[[ MATERIAL FOR THIS TASK open ]]

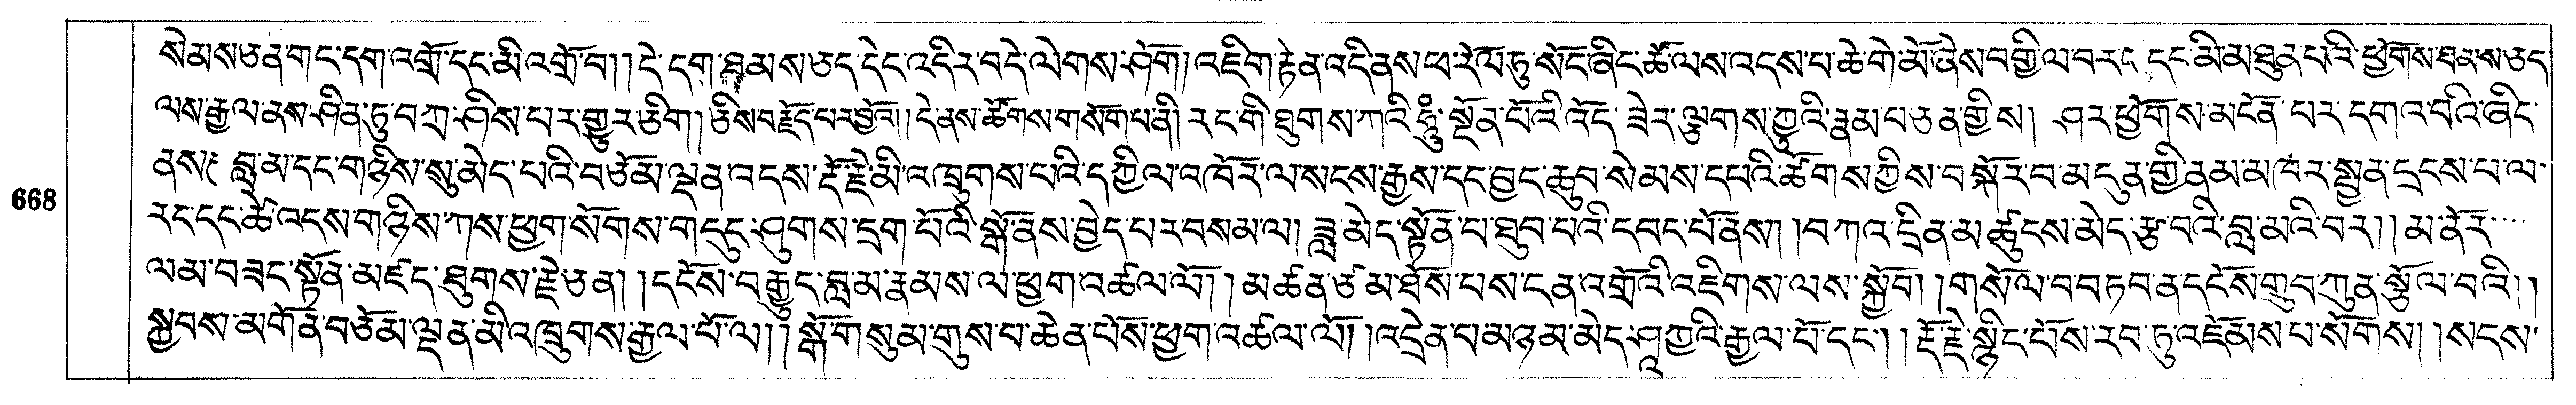སེམས་ཅན་གང་དག་འགྲོ་དང་མི་འགྲོ་བ། །དེ་དག་ཐམས་ཅད་དེང་འདིར་བདེ་ལེགས་ཤོག། འཇིག་རྟེན་འདི་ནས་ཕ་རོལ་ཏུ་སོང་ཞིང་ཚེ་ལས་འདས་པ་ཆེ་གེ་མོ་ཞེས་བགྱི་ལ་བར་དུ་དང་མི་མཐུན་པའི་ཕྱོགས་ཐམས་ཅད་
ལས་རྒྱལ་ནས་ཤིན་ཏུ་བཀྲ་ཤིས་པར་གྱུར་ཅིག །ཅིས་བརྗོད་པར་བྱའོ། །དེ་ནས་ཚོགས་གསོག་པ་ནི། རང་གི་ཐུགས་ཀའི་ཧཱུཾ་སྔོན་པོའི་འོད་ཟེར་ལྕགས་ཀྱུའི་རྣམ་པ་ཅན་གྱིས། ཤར་ཕྱོགས་མངོན་པར་དགའ་བའི་ཞིང་
ནས༑ བླ་མ་དང་གཉིས་སུ་མེད་པའི་བཅོམ་ལྡན་འདས་རྡོ་རྗེ་མི་འཁྲུགས་པའི་དཀྱིལ་འཁོར་ལ་སངས་རྒྱས་དང་བྱང་ཆུབ་སེམས་དཔའི་ཚོགས་ཀྱིས་བསྐོར་བ་མདུན་གྱི་ནམ་མཁར་སྤྱན་དྲངས་པ་ལ་
རང་དང་ཚེ་འདས་གཉིས་ཀས་ཕྱག་སོགས་གདུང་ཤུགས་དྲག་པོའི་སྒོ་ནས་བྱེད་པར་བསམ་ལ། ཟླ་མེད་སྟོན་པ་ཐུབ་པའི་དབང་པོ་ནས། །བཀའ་དྲིན་མཚུངས་མེད་རྩ་བའི་བླ་མའི་བར། །མ་ནོར་
ལམ་བཟང་སྟོན་མཛད་ཐུགས་རྗེ་ཅན། །དངོས་བརྒྱུད་བླ་མ་རྣམས་ལ་ཕྱག་འཚལ་ལོ། །མཚན་ཙམ་ཐོས་པས་ངན་འགྲོའི་འཇིགས་ལས་སྐྱོབ། །གསོལ་བ་བཏབ་ན་དངོས་གྲུབ་ཀུན་སྩོལ་བའི། །
སྐྱབས་མགོན་བཅོམ་ལྡན་མི་འཁྲུགས་རྒྱལ་པོ་ལ། །སྒོ་གསུམ་གུས་པ་ཆེན་པོས་ཕྱག་འཚལ་ལོ། །འདྲེན་པ་མཉམ་མེད་ཤཱཀྱའི་རྒྱལ་པོ་དང་། །རྡོ་རྗེ་སྙིང་པོས་རབ་ཏུ་འཇོམས་པ་སོགས། །སངས་

[[ MATERIAL FOR THIS TASK closed ]]

* TASK: Full copy, no pictures: write out each line of the data exactly as it stands.

* TASK RESPONSE:
སེམས་ཅན་གང་དག་འགྲོ་དང་མི་འགྲོ་བ། །དེ་དག་ཐམས་ཅད་དེང་འདིར་བདེ་ལེགས་ཤོག། འཇིག་རྟེན་འདི་ནས་ཕ་རོལ་ཏུ་སོང་ཞིང་ཚེ་ལས་འདས་པ་ཆེ་གེ་མོ་ཞེས་བགྱི་ལ་བར་དུ་དང་མི་མཐུན་པའི་ཕྱོགས་ཐམས་ཅད་
ལས་རྒྱལ་ནས་ཤིན་ཏུ་བཀྲ་ཤིས་པར་གྱུར་ཅིག །ཅིས་བརྗོད་པར་བྱའོ། །དེ་ནས་ཚོགས་གསོག་པ་ནི། རང་གི་ཐུགས་ཀའི་ཧཱུཾ་སྔོན་པོའི་འོད་ཟེར་ལྕགས་ཀྱུའི་རྣམ་པ་ཅན་གྱིས། ཤར་ཕྱོགས་མངོན་པར་དགའ་བའི་ཞིང་
ནས༑ བླ་མ་དང་གཉིས་སུ་མེད་པའི་བཅོམ་ལྡན་འདས་རྡོ་རྗེ་མི་འཁྲུགས་པའི་དཀྱིལ་འཁོར་ལ་སངས་རྒྱས་དང་བྱང་ཆུབ་སེམས་དཔའི་ཚོགས་ཀྱིས་བསྐོར་བ་མདུན་གྱི་ནམ་མཁར་སྤྱན་དྲངས་པ་ལ་
རང་དང་ཚེ་འདས་གཉིས་ཀས་ཕྱག་སོགས་གདུང་ཤུགས་དྲག་པོའི་སྒོ་ནས་བྱེད་པར་བསམ་ལ། ཟླ་མེད་སྟོན་པ་ཐུབ་པའི་དབང་པོ་ནས། །བཀའ་དྲིན་མཚུངས་མེད་རྩ་བའི་བླ་མའི་བར། །མ་ནོར་
ལམ་བཟང་སྟོན་མཛད་ཐུགས་རྗེ་ཅན། །དངོས་བརྒྱུད་བླ་མ་རྣམས་ལ་ཕྱག་འཚལ་ལོ། །མཚན་ཙམ་ཐོས་པས་ངན་འགྲོའི་འཇིགས་ལས་སྐྱོབ། །གསོལ་བ་བཏབ་ན་དངོས་གྲུབ་ཀུན་སྩོལ་བའི། །
སྐྱབས་མགོན་བཅོམ་ལྡན་མི་འཁྲུགས་རྒྱལ་པོ་ལ། །སྒོ་གསུམ་གུས་པ་ཆེན་པོས་ཕྱག་འཚལ་ལོ། །འདྲེན་པ་མཉམ་མེད་ཤཱཀྱའི་རྒྱལ་པོ་དང་། །རྡོ་རྗེ་སྙིང་པོས་རབ་ཏུ་འཇོམས་པ་སོགས། །སངས་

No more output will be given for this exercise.